8. Was the co-inventor of electron cyclotron current drive and more generally the method of driving current by selectively heating high energy particles, Phys. Rev. Lett. 45, 720 (1980) and U.S. patent number 4,425,295, which was issued in 1984.
9. Determined the minimum power required to drive a current that is carried by high energy (tail) electrons, Phys. Fluids 31, 591 (1988). This paper demonstrated a steady-state tokamak was possible only with a strong bootstrap current.
10. Was an author on the papers that first defined the two known methods for obtaining confined particle orbits in stellarators: (i) having all minima of the field strength on a magnetic surface have the same value, Phys. Rev. Lett. 48, 322 (1982), which is the confinement principle of the W7- X stellarator and (ii) quasisymmetry, Phys. Fluids 26, 496 (1983), which is the confinement principle of the HSX and the NCSX stellarators.
11. Co-authored the first paper showing the limitation on the plasma pressure in a stellarator due to the breakup of the magnetic surfaces, Phys. Fluids 27, 2446 (1984).

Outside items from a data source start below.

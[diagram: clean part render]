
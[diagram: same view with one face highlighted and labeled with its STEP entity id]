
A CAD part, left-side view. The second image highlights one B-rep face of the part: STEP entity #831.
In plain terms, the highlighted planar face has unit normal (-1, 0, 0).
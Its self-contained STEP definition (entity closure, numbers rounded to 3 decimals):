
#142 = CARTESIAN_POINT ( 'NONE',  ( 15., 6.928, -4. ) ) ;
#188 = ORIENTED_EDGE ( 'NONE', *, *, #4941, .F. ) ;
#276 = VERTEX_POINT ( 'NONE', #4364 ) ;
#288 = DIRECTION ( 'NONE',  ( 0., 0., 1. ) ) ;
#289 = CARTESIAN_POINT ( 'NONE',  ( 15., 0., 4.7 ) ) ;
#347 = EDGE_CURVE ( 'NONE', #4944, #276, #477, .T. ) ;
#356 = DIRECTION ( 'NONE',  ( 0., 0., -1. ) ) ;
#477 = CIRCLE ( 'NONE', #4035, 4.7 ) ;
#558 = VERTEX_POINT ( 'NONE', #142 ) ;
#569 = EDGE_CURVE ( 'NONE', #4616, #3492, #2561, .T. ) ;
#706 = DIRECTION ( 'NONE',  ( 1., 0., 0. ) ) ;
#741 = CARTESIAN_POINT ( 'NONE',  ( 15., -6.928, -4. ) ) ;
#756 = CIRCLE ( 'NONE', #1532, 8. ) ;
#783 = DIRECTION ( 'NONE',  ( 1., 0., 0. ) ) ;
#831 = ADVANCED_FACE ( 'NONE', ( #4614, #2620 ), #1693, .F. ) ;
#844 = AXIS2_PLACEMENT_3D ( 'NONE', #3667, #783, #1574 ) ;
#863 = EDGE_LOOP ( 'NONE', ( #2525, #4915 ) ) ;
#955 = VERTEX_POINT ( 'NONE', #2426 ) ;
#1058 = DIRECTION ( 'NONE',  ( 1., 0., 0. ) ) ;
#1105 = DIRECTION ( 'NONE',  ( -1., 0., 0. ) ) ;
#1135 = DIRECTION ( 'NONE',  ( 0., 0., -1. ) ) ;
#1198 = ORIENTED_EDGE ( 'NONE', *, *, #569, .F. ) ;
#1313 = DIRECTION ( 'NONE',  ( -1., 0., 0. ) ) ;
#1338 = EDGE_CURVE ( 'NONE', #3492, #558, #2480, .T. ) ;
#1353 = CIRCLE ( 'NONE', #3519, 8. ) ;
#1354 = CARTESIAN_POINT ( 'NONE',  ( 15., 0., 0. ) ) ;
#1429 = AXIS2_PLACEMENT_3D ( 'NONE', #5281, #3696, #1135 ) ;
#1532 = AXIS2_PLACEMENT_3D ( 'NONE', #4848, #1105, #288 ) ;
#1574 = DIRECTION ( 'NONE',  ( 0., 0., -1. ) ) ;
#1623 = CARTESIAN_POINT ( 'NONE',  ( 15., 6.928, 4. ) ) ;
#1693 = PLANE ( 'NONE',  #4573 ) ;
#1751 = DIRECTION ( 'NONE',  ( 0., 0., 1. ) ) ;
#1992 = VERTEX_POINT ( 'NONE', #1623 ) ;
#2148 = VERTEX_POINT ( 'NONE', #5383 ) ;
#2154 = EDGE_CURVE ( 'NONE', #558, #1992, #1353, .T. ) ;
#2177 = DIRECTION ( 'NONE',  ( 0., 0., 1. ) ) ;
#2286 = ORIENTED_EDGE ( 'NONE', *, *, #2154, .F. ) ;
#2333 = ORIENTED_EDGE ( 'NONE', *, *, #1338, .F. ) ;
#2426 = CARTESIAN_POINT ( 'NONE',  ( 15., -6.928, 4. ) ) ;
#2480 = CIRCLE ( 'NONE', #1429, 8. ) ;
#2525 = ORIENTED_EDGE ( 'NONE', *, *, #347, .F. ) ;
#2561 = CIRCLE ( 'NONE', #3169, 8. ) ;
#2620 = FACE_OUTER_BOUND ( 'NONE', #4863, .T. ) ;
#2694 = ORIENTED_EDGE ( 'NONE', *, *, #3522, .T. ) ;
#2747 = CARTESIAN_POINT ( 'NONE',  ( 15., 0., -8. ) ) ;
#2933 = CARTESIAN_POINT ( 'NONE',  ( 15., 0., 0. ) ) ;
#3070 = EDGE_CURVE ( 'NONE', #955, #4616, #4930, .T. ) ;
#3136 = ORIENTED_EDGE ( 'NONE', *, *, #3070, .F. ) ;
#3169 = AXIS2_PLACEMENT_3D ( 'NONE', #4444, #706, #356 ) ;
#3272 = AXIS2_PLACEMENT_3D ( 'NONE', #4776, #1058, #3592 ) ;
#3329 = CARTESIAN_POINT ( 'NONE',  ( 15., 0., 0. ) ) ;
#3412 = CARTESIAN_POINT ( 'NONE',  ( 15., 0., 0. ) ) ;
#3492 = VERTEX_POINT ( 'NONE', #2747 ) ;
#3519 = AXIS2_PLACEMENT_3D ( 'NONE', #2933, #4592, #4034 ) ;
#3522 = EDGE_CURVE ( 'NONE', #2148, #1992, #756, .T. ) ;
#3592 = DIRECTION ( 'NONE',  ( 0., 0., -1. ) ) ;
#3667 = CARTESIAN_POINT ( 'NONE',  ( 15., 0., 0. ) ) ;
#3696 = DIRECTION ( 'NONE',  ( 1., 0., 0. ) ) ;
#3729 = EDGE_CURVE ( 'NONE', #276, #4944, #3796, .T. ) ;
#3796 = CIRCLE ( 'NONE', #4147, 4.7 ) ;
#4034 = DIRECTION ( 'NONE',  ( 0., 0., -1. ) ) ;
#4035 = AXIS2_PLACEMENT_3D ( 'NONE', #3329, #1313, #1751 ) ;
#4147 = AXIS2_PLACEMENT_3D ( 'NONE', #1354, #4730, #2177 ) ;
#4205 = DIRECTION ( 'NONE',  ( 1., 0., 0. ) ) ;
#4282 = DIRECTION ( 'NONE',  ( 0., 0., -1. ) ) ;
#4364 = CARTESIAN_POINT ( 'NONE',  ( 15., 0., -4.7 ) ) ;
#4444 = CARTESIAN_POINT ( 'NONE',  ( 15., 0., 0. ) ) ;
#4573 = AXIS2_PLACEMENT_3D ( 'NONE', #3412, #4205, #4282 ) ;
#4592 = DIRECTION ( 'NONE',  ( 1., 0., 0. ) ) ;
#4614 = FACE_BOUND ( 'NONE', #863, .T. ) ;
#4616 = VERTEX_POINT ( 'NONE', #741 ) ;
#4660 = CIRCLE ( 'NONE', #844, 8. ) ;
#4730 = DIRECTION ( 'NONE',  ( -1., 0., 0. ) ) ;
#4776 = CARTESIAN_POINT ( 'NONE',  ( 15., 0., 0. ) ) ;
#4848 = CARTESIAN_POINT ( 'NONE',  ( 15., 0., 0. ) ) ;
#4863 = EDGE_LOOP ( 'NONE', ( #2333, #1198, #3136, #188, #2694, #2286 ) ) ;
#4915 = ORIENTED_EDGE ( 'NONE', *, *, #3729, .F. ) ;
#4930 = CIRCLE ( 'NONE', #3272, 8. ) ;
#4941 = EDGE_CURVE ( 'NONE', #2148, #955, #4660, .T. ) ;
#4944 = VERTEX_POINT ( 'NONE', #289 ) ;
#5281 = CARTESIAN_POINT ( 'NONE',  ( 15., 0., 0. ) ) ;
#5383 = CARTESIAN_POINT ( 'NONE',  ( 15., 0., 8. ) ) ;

12. Working with doctoral students, gave the general form for the magnetic field strength in toroidal plasma equilibria and the minimal breaking of quasisymmetry that is mathematically required, Phys. Fluids B 3, 2805 and 2822 (1991).

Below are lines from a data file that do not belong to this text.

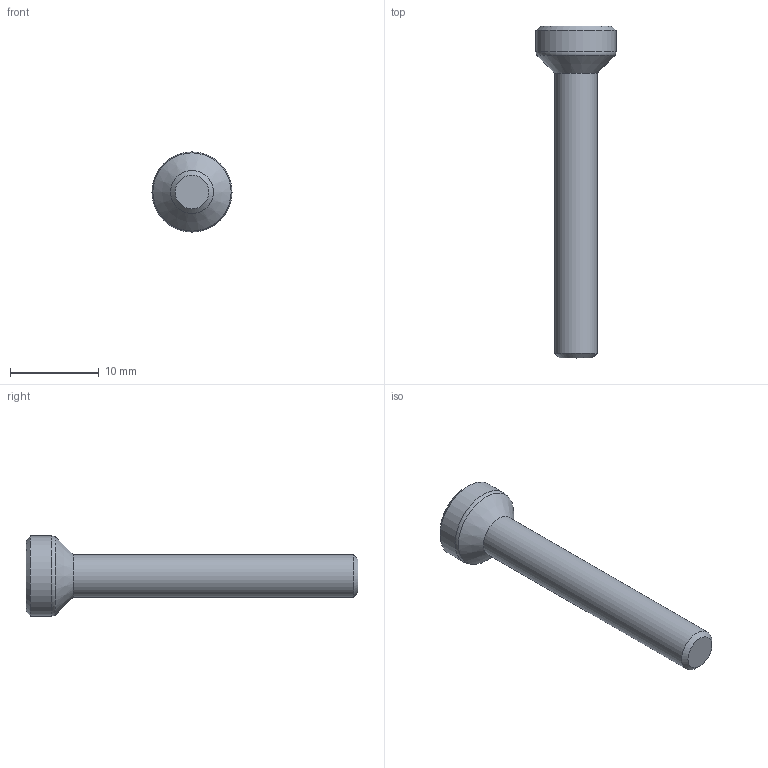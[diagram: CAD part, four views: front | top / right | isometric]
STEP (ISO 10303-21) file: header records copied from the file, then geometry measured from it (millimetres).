
FILE_DESCRIPTION(/* description */ (''),/* implementation_level */ '2;1');
FILE_NAME(/* name */ '6805c192-73f9-41cb-b9f1-bc8523935cbe.stp',/* time_stamp */ '2017-09-04T07:56:26+00:00',/* author */ (''),/* organization */ (''),/* preprocessor_version */ 'ST-DEVELOPER v16.13',/* originating_system */ 'Autodesk Translation Framework v6.1.1.50',/* authorisation */ '');
FILE_SCHEMA (('AUTOMOTIVE_DESIGN { 1 0 10303 214 3 1 1 }'));
Length unit declared in the file: millimetre
Products named in the file (1): finger_axis v7
Bounding box: 9 x 37.3 x 9 mm (x, y, z)
Volume: 858.2 mm3; surface area: 705 mm2
Topology: 1 solids, 1 shells, 8 faces, 14 edges, 8 vertices
Faces by surface type: cone 3, cylinder 2, plane 2, torus 1
Full cylindrical faces by diameter (mm): 4.8 x1, 9 x1
Entity records: 183 total; most frequent: DIRECTION 32, CARTESIAN_POINT 23, AXIS2_PLACEMENT_3D 16, EDGE_LOOP 14, ORIENTED_EDGE 14, FACE_OUTER_BOUND 8, ADVANCED_FACE 8, CIRCLE 7

13. Developed the theory of error field amplification and rotation damping in tokamak plasmas, Phys. Rev. Lett. 86, 5059-5061 (2001) and the circuit method of dealing with resistive wall modes in tokamaks.
14. Showed that magnetic systems that are doubly periodic (as in a toroidal plasma) and non-periodic (as in astrophysics) have fundamentally different reconnection phenomena, Phys. Rev. Lett. 88: art. no. 215005 (2002).
15. Gave the general form of Ohm's law for a spatially averaged field that in-corporates the helicity conserving properties of resistive MHD, J. Plasma Phys. 35, 133 (1986), derived the constraints of magnetic helicity con-servation on natural dynamos, Phys. Fluids B 5, 2271 (1993), and gave implications for the solar corona in Magnetic Helicity in Space and Laboratory Plasmas edited by M. R. Brown and R. C. Canfield (American Geophysical Union, Washington, DC, 1999) p.11-16. In particular it was shown that runaway electron effects cause the development of a corona on any star with a magnetic field and an outer convective zone.